→ Problem to work on: In the records below, repeat word for word only the lines starting at the one that contains "Touch camera, right index." and ending at the one that contains "Touch camera, right thumb. The first picture is at rest. Torque", pictures excluded.

→ Data for this task:
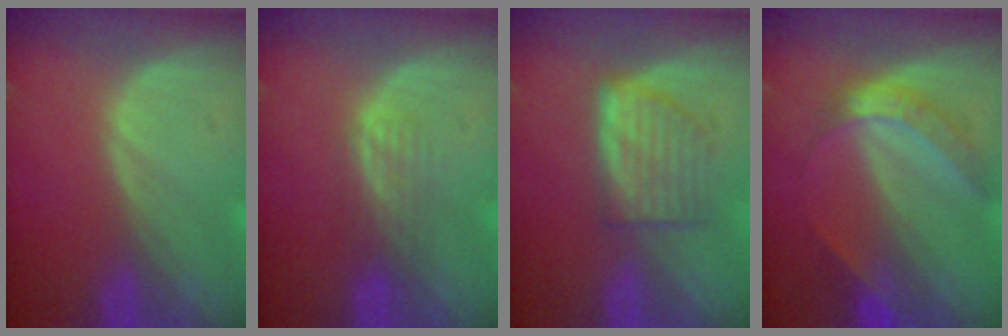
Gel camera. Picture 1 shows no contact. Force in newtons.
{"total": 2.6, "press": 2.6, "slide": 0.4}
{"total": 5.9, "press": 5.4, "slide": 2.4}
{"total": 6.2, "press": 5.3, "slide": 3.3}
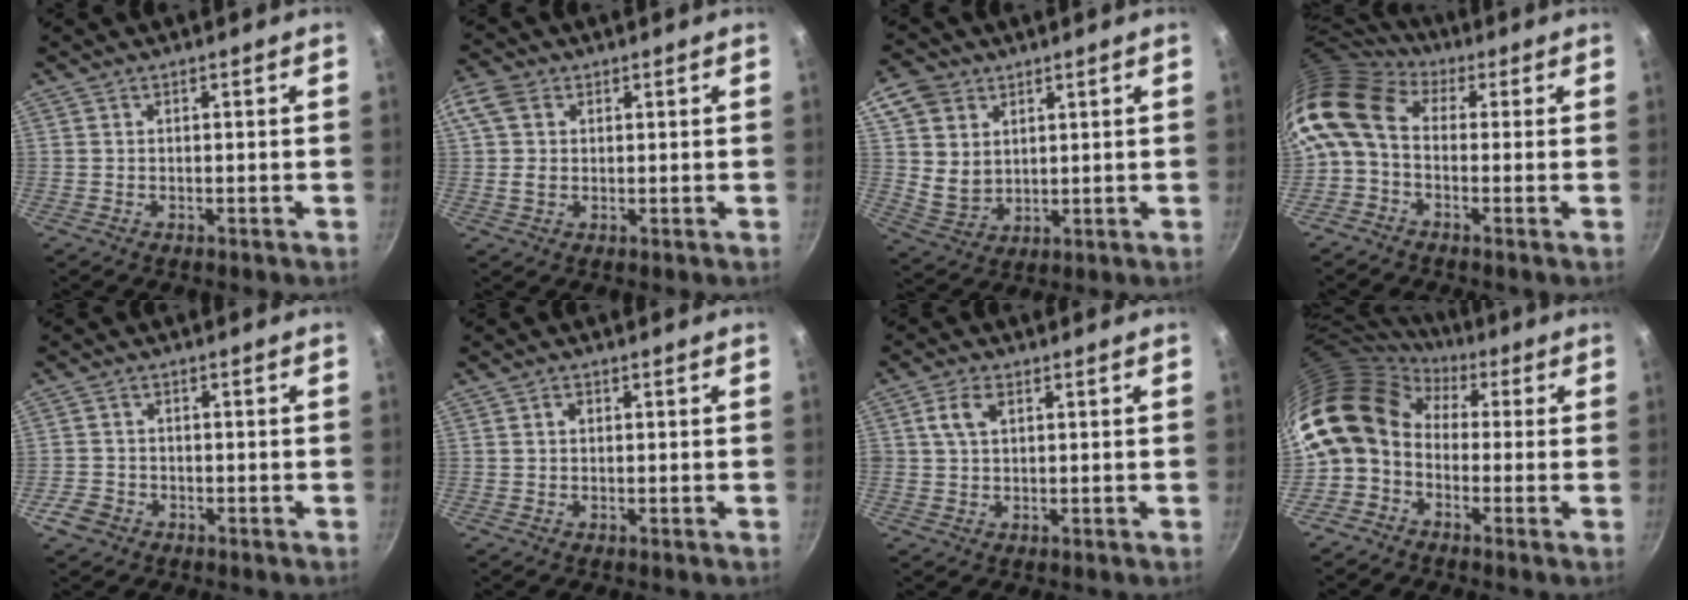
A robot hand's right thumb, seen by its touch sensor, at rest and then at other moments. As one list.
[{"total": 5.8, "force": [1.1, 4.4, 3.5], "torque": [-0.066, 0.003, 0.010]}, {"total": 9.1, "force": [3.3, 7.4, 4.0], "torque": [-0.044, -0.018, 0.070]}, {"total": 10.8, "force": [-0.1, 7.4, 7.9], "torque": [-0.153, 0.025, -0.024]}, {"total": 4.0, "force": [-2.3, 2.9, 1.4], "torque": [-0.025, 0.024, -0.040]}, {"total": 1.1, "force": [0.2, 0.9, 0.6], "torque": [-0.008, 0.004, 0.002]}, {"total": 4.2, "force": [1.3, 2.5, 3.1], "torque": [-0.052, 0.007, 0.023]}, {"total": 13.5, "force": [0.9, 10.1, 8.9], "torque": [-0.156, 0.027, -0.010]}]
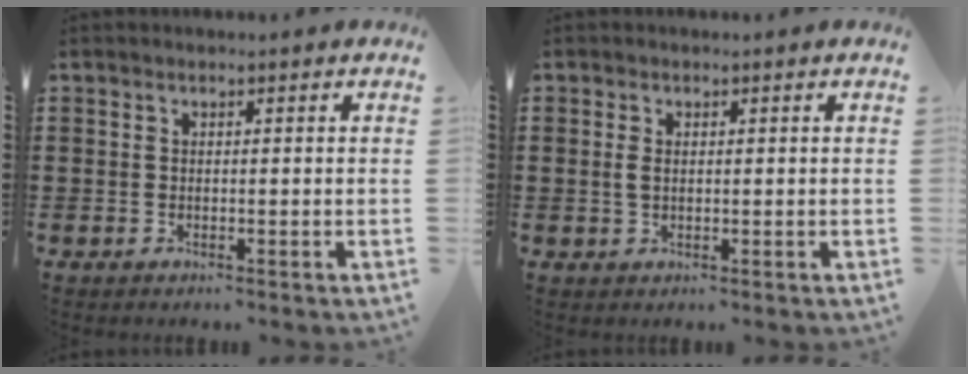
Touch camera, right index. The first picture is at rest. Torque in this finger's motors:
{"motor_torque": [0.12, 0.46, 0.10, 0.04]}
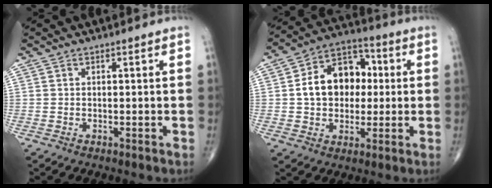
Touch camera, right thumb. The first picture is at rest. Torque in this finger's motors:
--
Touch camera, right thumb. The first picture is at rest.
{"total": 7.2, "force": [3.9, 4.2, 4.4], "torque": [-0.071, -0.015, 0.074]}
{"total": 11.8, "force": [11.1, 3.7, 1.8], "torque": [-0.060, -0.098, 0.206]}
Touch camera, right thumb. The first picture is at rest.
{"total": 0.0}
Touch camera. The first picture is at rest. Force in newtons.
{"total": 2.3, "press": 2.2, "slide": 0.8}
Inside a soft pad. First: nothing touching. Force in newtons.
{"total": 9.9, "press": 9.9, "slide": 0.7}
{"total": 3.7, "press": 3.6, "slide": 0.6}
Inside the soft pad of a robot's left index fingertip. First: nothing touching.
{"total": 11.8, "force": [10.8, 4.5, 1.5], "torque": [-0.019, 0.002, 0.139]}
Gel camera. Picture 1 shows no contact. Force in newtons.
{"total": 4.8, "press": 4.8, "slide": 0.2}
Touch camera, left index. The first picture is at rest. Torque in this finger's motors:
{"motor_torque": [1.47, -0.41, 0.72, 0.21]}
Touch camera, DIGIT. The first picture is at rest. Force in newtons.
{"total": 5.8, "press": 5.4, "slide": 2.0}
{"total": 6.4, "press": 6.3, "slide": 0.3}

→ Reply:
Touch camera, right index. The first picture is at rest. Torque in this finger's motors:
{"motor_torque": [0.12, 0.46, 0.10, 0.04]}
Touch camera, right thumb. The first picture is at rest. Torque in this finger's motors:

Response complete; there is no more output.